* _Task goal_
After finding the line that holds "Sex: female" below, set down that line and the rest through the final one exactly, leaving the pictures out.

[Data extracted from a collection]
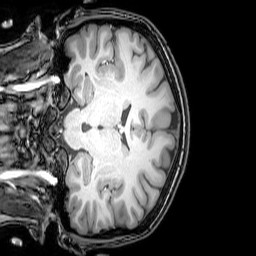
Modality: T1w
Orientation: coronal
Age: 21
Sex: female
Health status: healthy
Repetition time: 0.081 s
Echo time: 0.037 s
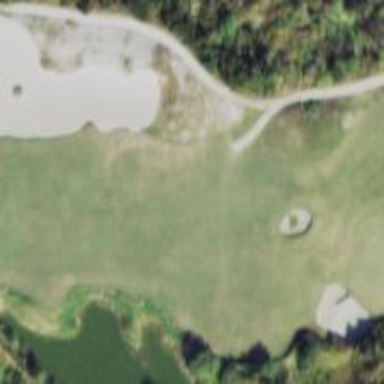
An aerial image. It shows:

* _Result below_
Sex: female
Health status: healthy
Repetition time: 0.081 s
Echo time: 0.037 s
An aerial image. It shows:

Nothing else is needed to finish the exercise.